[Given records]:
• • • •

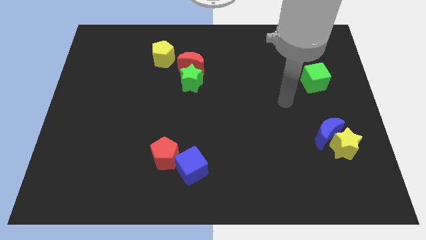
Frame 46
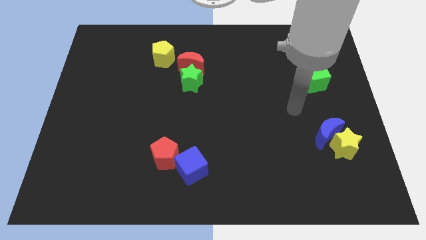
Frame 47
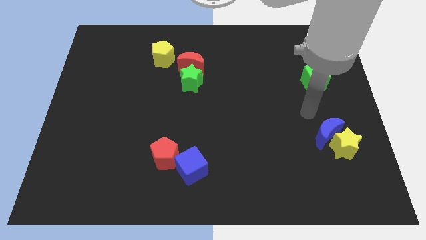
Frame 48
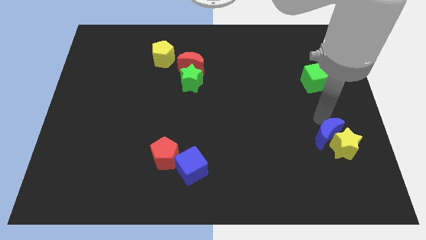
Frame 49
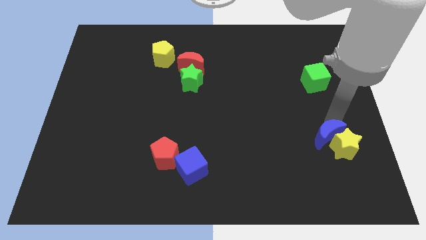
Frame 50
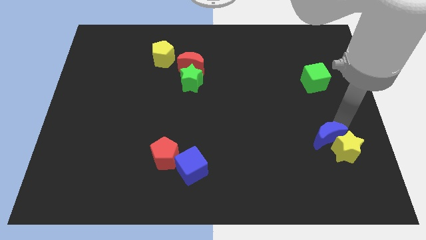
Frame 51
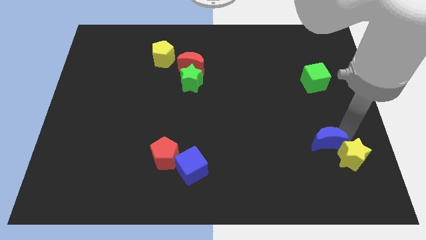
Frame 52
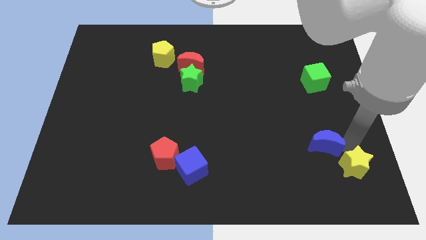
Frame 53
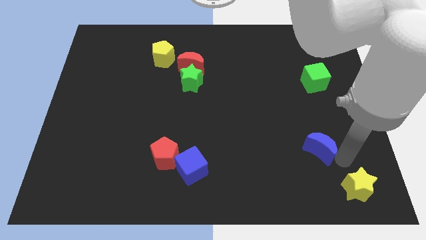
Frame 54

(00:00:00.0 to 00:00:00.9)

• • • •

[Your task]: Go through the records above and count the lines with the word "Frame" in them. Answer with the number only.

[Exercise result]: 9